By conducting the hydrogenation reaction in the gas phase under the above-mentioned conditions, the conventional problem regarding the amount of hydrogen molecules dissolved in the liquid phase at a low pressure can be solved, and thereby the reaction activity is remarkably improved. In addition, since the reaction equilibrium in the production of alcohols largely shifts toward the formation of alcohols in the gas phase, the amounts of esters remaining as the unreacted starting materials and a wax ester formed as the reaction intermediate included in the resulting alcohols at the outlet of the reactor can be expected to be decreased. Actually, however, a side reaction, namely, the reduction reaction of the alcohols to hydrocarbons, is also accelerated, which results in excellent reactivity but poor selectivity, and hence, the yield is rather notably decreased. Furthermore, in the gas phase reaction, the ester used as the starting materials is diluted with a large amount of a hydrogen gas and then fed to a catalytic layer in the form of vapor. As a result, when the amount of the starting materials fed per unit time is made large, namely, when the productivity is to be increased, the flow rate of the vapor within the reactor becomes high to such an extent that the ester can disadvantageously flow through the catalytic layer without being subjected to catalytic reduction reaction. The unreacted starting material ester included in the resulting alcohol has a boiling point region substantially the same as that of the alcohol having a corresponding number of carbon atoms, thereby making it difficult to separate by distillation. In order to overcome this problem, in Japanese Patent Unexamined Publication No. 4-504408, the unreacted starting material ester is first converted to a wax ester in the subsequent process of transesterification, and then the wax ester is separated from the obtained alcohol by distillation. However, such an additional process give rise to higher overall costs.

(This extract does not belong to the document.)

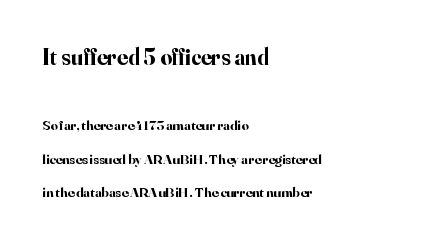
Does the lettering tilt? It doesn't — this is upright. As a designer I'd log this as weight 700, bold. Only glyphs here, with clear space below each row. Horizontal alignment here is leftward, the default for most running prose. This sample trades compactness for vertical openness between lines.
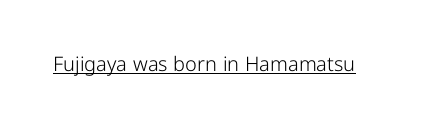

In the hydrogenation reaction utilizing a gas phase reaction disclosed in Japanese Patent Unexamined Publication No. 4-504408 and Japanese Patent Examined Publication No. 4-57655, since a mixed material of an ester and hydrogen to be brought in contact with a hydrogenation catalyst is always kept at a temperature higher than its dew point, the reaction temperature and pressure, the molar ratio of hydrogen and the kinds of starting materials to be used are considerably restricted. For example, the use of a naturally occurring fatty acid ester, fatty acid triglyceride or fatty acid having short and long chain moieties with 8 to 18 carbon atoms is not practical in view of the necessary amount of hydrogen and the size of equipments.